• **Task directions**:
Word for word, reproduce the records that follow.

(Supplied information Opens)

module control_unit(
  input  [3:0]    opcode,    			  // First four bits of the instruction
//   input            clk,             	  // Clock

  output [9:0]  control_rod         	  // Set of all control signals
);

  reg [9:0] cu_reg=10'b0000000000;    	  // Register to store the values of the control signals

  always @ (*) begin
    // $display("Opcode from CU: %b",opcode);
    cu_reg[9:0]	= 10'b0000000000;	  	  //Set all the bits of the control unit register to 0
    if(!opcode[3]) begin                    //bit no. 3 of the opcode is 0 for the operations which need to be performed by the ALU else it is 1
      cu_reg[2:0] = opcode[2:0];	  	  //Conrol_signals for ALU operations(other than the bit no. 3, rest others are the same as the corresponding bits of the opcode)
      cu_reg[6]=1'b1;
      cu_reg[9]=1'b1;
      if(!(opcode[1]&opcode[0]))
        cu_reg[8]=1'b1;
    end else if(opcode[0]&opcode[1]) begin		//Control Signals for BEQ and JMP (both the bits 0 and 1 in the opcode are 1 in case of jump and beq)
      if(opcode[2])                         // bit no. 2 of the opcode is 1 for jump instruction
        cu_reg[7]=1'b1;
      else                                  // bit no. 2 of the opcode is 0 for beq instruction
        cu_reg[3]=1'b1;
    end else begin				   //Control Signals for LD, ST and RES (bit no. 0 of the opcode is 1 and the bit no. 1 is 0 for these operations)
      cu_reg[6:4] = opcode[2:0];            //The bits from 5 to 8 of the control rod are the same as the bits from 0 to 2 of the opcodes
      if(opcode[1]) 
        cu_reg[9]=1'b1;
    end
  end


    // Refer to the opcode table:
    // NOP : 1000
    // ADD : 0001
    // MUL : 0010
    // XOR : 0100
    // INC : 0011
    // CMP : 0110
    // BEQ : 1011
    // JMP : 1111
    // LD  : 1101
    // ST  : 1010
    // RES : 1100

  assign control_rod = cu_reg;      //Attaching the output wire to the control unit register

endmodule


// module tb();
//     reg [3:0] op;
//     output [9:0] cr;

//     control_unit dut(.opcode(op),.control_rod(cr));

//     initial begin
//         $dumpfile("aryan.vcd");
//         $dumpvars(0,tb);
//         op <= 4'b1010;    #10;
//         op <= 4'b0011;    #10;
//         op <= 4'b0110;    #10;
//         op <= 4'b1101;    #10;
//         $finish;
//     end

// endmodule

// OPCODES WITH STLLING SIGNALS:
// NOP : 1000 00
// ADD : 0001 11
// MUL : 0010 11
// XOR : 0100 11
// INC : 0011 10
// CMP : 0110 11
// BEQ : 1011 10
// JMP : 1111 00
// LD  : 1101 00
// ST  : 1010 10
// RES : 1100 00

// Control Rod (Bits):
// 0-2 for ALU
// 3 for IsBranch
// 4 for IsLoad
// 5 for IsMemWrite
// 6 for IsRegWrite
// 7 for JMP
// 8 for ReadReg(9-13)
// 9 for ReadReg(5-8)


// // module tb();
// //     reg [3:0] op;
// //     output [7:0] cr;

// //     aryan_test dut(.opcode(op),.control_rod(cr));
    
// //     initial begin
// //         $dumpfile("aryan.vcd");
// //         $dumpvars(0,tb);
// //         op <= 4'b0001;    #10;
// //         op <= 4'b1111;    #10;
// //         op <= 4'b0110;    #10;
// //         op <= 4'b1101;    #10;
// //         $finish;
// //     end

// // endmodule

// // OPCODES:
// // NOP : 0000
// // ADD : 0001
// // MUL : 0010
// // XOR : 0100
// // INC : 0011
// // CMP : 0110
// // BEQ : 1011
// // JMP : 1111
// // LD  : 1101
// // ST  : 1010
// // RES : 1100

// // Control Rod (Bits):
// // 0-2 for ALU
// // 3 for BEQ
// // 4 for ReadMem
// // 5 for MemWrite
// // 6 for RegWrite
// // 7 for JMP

(Supplied information Closes)

• **Reply**:
module control_unit(
  input  [3:0]    opcode,    			  // First four bits of the instruction
//   input            clk,             	  // Clock

  output [9:0]  control_rod         	  // Set of all control signals
);

  reg [9:0] cu_reg=10'b0000000000;    	  // Register to store the values of the control signals

  always @ (*) begin
    // $display("Opcode from CU: %b",opcode);
    cu_reg[9:0]	= 10'b0000000000;	  	  //Set all the bits of the control unit register to 0
    if(!opcode[3]) begin                    //bit no. 3 of the opcode is 0 for the operations which need to be performed by the ALU else it is 1
      cu_reg[2:0] = opcode[2:0];	  	  //Conrol_signals for ALU operations(other than the bit no. 3, rest others are the same as the corresponding bits of the opcode)
      cu_reg[6]=1'b1;
      cu_reg[9]=1'b1;
      if(!(opcode[1]&opcode[0]))
        cu_reg[8]=1'b1;
    end else if(opcode[0]&opcode[1]) begin		//Control Signals for BEQ and JMP (both the bits 0 and 1 in the opcode are 1 in case of jump and beq)
      if(opcode[2])                         // bit no. 2 of the opcode is 1 for jump instruction
        cu_reg[7]=1'b1;
      else                                  // bit no. 2 of the opcode is 0 for beq instruction
        cu_reg[3]=1'b1;
    end else begin				   //Control Signals for LD, ST and RES (bit no. 0 of the opcode is 1 and the bit no. 1 is 0 for these operations)
      cu_reg[6:4] = opcode[2:0];            //The bits from 5 to 8 of the control rod are the same as the bits from 0 to 2 of the opcodes
      if(opcode[1]) 
        cu_reg[9]=1'b1;
    end
  end


    // Refer to the opcode table:
    // NOP : 1000
    // ADD : 0001
    // MUL : 0010
    // XOR : 0100
    // INC : 0011
    // CMP : 0110
    // BEQ : 1011
    // JMP : 1111
    // LD  : 1101
    // ST  : 1010
    // RES : 1100

  assign control_rod = cu_reg;      //Attaching the output wire to the control unit register

endmodule


// module tb();
//     reg [3:0] op;
//     output [9:0] cr;

//     control_unit dut(.opcode(op),.control_rod(cr));

//     initial begin
//         $dumpfile("aryan.vcd");
//         $dumpvars(0,tb);
//         op <= 4'b1010;    #10;
//         op <= 4'b0011;    #10;
//         op <= 4'b0110;    #10;
//         op <= 4'b1101;    #10;
//         $finish;
//     end

// endmodule

// OPCODES WITH STLLING SIGNALS:
// NOP : 1000 00
// ADD : 0001 11
// MUL : 0010 11
// XOR : 0100 11
// INC : 0011 10
// CMP : 0110 11
// BEQ : 1011 10
// JMP : 1111 00
// LD  : 1101 00
// ST  : 1010 10
// RES : 1100 00

// Control Rod (Bits):
// 0-2 for ALU
// 3 for IsBranch
// 4 for IsLoad
// 5 for IsMemWrite
// 6 for IsRegWrite
// 7 for JMP
// 8 for ReadReg(9-13)
// 9 for ReadReg(5-8)


// // module tb();
// //     reg [3:0] op;
// //     output [7:0] cr;

// //     aryan_test dut(.opcode(op),.control_rod(cr));
    
// //     initial begin
// //         $dumpfile("aryan.vcd");
// //         $dumpvars(0,tb);
// //         op <= 4'b0001;    #10;
// //         op <= 4'b1111;    #10;
// //         op <= 4'b0110;    #10;
// //         op <= 4'b1101;    #10;
// //         $finish;
// //     end

// // endmodule

// // OPCODES:
// // NOP : 0000
// // ADD : 0001
// // MUL : 0010
// // XOR : 0100
// // INC : 0011
// // CMP : 0110
// // BEQ : 1011
// // JMP : 1111
// // LD  : 1101
// // ST  : 1010
// // RES : 1100

// // Control Rod (Bits):
// // 0-2 for ALU
// // 3 for BEQ
// // 4 for ReadMem
// // 5 for MemWrite
// // 6 for RegWrite
// // 7 for JMP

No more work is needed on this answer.